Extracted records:
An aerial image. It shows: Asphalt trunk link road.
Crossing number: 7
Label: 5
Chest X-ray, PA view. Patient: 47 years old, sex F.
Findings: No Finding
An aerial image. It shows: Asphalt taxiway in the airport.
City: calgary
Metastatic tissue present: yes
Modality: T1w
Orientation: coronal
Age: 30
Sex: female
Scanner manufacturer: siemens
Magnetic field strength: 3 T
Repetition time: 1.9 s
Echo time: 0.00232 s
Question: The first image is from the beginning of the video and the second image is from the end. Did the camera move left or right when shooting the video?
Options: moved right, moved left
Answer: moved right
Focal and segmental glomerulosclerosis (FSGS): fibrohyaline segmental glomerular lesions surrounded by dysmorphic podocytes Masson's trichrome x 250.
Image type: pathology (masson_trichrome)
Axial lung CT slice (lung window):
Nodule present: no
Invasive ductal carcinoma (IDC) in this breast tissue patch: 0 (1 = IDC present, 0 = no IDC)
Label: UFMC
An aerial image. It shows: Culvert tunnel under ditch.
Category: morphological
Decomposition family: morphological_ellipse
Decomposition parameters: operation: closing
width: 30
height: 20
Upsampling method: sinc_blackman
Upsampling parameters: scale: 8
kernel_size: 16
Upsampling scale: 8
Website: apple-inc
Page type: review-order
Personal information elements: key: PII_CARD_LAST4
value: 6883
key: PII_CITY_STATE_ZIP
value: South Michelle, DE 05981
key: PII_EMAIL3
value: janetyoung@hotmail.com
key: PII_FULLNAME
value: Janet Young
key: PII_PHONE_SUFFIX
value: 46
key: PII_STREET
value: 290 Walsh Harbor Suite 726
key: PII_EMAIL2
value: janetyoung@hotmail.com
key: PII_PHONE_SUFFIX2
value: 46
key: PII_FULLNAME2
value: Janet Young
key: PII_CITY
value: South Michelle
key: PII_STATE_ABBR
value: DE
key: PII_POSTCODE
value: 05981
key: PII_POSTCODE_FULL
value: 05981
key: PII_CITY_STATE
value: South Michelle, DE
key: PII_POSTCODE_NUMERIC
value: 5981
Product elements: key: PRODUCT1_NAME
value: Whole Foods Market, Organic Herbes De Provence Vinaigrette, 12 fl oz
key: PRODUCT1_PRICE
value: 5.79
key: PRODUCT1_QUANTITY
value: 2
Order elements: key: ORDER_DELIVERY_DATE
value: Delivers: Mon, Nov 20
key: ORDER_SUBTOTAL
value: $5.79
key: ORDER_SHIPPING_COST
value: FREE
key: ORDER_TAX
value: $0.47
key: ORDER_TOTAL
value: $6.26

Aim of the exercise: Restate word for word only the lines running from the beginning of the data to the line holding "Modality: T1w", both included.

Reply to the exercise:
An aerial image. It shows: Asphalt trunk link road.
Crossing number: 7
Label: 5
Chest X-ray, PA view. Patient: 47 years old, sex F.
Findings: No Finding
An aerial image. It shows: Asphalt taxiway in the airport.
City: calgary
Metastatic tissue present: yes
Modality: T1w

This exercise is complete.